#### HOW TO COMPLETE THIS TASK:
A verbatim copy of the lines starting at the one with "6.02 19.95 5.803ZM19.95" and ending at the last line below is required; include nothing else.

Stored data
===

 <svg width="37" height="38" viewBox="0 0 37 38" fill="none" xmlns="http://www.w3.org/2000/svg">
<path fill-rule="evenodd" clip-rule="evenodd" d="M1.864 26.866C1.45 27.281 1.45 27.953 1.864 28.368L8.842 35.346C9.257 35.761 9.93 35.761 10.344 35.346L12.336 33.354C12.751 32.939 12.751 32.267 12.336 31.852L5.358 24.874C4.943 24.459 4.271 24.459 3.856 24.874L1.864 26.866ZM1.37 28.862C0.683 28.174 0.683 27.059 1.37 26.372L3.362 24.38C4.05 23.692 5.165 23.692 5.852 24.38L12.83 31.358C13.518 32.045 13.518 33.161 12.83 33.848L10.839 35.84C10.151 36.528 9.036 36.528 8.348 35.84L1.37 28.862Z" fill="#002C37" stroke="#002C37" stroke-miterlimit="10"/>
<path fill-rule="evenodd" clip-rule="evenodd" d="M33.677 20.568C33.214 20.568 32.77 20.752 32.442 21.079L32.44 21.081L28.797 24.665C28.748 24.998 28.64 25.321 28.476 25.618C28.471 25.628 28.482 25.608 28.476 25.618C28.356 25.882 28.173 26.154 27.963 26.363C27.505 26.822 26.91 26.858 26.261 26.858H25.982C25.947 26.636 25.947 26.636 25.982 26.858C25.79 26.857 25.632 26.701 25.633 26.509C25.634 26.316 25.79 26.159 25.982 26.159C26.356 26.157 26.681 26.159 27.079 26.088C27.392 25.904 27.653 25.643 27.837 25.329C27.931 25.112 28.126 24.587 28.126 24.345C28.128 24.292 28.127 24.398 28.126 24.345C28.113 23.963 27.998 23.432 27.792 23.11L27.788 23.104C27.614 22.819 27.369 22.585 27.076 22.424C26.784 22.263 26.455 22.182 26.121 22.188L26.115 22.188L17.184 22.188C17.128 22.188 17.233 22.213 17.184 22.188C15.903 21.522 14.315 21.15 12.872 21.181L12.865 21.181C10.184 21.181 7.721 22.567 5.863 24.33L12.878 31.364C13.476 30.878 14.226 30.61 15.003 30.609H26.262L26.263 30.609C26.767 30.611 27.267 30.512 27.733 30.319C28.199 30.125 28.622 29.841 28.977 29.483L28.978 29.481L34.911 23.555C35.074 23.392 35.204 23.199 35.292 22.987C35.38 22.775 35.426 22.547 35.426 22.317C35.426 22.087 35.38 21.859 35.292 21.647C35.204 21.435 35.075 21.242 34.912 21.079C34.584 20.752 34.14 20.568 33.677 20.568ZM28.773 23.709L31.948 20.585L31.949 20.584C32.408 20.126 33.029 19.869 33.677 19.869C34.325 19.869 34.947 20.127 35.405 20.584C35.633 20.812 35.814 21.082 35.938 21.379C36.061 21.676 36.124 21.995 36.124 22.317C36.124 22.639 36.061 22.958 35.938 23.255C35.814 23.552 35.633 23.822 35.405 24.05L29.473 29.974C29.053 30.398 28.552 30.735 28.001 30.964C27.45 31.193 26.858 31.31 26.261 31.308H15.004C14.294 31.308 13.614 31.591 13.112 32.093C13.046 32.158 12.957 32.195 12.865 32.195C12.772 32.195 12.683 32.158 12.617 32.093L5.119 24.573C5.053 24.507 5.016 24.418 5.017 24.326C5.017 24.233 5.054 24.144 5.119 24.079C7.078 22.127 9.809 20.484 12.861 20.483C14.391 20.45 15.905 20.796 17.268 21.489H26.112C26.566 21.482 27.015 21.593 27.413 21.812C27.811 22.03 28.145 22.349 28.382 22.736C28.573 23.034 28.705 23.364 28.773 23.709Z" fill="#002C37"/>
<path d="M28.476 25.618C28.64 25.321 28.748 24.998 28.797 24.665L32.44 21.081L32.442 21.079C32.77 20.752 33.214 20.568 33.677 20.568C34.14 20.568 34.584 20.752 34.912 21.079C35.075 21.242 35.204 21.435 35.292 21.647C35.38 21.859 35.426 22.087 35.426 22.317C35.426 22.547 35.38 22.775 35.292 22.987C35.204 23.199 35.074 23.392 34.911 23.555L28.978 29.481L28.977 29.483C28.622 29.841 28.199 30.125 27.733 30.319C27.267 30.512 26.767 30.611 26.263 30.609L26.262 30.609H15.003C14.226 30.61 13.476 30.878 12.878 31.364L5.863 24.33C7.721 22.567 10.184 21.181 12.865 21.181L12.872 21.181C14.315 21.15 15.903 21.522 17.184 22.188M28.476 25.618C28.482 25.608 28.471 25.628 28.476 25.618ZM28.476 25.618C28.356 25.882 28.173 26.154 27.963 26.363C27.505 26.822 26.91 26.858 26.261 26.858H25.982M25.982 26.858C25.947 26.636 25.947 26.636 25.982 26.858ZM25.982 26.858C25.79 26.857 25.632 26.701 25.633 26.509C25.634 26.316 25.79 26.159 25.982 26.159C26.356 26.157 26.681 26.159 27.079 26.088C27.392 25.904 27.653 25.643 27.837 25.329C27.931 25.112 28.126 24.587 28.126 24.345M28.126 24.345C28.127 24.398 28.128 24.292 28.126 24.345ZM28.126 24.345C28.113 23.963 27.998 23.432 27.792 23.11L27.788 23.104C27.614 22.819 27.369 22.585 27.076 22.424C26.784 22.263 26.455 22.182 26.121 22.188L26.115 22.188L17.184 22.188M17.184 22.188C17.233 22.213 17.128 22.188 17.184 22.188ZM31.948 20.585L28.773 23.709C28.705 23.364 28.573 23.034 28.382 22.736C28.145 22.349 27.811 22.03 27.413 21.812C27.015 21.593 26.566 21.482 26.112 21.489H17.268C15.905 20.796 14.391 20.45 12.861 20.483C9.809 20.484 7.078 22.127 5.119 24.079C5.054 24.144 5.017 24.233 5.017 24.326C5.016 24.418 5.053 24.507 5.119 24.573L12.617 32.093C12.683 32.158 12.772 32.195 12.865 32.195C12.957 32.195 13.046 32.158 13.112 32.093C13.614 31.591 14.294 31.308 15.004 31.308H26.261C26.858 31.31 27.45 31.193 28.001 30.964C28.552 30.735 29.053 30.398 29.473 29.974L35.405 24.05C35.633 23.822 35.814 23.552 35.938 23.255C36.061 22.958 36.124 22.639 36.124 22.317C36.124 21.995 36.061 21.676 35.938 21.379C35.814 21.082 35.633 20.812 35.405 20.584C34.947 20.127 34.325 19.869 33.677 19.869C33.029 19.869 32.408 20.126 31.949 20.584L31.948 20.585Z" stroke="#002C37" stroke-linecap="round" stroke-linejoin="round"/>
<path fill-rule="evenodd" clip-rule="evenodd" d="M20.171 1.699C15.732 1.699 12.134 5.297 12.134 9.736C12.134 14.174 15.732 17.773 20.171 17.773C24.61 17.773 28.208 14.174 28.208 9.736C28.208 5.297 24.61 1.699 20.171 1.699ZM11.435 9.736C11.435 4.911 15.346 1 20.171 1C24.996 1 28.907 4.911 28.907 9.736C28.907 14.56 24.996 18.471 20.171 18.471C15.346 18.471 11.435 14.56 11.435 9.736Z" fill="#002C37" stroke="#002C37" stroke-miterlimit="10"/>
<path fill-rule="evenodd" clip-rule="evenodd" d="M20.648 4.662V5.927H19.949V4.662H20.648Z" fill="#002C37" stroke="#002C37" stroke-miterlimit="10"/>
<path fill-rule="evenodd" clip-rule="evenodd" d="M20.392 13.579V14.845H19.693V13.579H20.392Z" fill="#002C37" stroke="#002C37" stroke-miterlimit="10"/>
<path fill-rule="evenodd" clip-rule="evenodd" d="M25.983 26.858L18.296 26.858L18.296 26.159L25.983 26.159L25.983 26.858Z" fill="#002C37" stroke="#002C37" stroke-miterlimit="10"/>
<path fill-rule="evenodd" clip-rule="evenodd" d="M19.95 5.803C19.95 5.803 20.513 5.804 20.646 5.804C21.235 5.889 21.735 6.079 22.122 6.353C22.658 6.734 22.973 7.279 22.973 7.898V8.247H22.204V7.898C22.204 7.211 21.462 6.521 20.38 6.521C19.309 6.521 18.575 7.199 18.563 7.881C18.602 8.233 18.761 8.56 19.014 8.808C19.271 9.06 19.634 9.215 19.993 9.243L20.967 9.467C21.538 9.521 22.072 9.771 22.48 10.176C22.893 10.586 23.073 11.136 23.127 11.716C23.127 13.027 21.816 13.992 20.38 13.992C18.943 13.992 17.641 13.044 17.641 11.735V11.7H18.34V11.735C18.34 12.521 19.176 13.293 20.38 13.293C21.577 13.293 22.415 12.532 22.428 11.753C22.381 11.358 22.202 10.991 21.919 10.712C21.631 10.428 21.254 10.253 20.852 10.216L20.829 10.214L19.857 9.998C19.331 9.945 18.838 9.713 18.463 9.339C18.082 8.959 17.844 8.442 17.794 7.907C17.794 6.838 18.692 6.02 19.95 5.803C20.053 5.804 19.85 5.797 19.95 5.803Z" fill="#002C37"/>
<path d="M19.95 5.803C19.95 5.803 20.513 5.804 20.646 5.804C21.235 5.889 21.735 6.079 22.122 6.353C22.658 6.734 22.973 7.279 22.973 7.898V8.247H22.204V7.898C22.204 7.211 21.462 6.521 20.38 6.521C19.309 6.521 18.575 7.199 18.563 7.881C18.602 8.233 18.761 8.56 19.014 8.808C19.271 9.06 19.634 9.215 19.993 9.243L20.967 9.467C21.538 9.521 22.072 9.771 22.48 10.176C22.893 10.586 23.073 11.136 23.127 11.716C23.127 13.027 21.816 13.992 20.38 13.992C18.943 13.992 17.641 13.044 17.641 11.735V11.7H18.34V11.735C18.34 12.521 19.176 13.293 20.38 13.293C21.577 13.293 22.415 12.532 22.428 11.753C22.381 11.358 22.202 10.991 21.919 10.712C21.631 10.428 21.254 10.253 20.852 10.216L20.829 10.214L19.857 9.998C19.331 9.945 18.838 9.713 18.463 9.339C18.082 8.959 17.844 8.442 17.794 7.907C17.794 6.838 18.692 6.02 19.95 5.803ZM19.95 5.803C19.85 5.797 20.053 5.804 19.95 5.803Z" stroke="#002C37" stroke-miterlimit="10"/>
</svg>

===

#### FINISHED EXERCISE:
<path d="M19.95 5.803C19.95 5.803 20.513 5.804 20.646 5.804C21.235 5.889 21.735 6.079 22.122 6.353C22.658 6.734 22.973 7.279 22.973 7.898V8.247H22.204V7.898C22.204 7.211 21.462 6.521 20.38 6.521C19.309 6.521 18.575 7.199 18.563 7.881C18.602 8.233 18.761 8.56 19.014 8.808C19.271 9.06 19.634 9.215 19.993 9.243L20.967 9.467C21.538 9.521 22.072 9.771 22.48 10.176C22.893 10.586 23.073 11.136 23.127 11.716C23.127 13.027 21.816 13.992 20.38 13.992C18.943 13.992 17.641 13.044 17.641 11.735V11.7H18.34V11.735C18.34 12.521 19.176 13.293 20.38 13.293C21.577 13.293 22.415 12.532 22.428 11.753C22.381 11.358 22.202 10.991 21.919 10.712C21.631 10.428 21.254 10.253 20.852 10.216L20.829 10.214L19.857 9.998C19.331 9.945 18.838 9.713 18.463 9.339C18.082 8.959 17.844 8.442 17.794 7.907C17.794 6.838 18.692 6.02 19.95 5.803ZM19.95 5.803C19.85 5.797 20.053 5.804 19.95 5.803Z" stroke="#002C37" stroke-miterlimit="10"/>
</svg>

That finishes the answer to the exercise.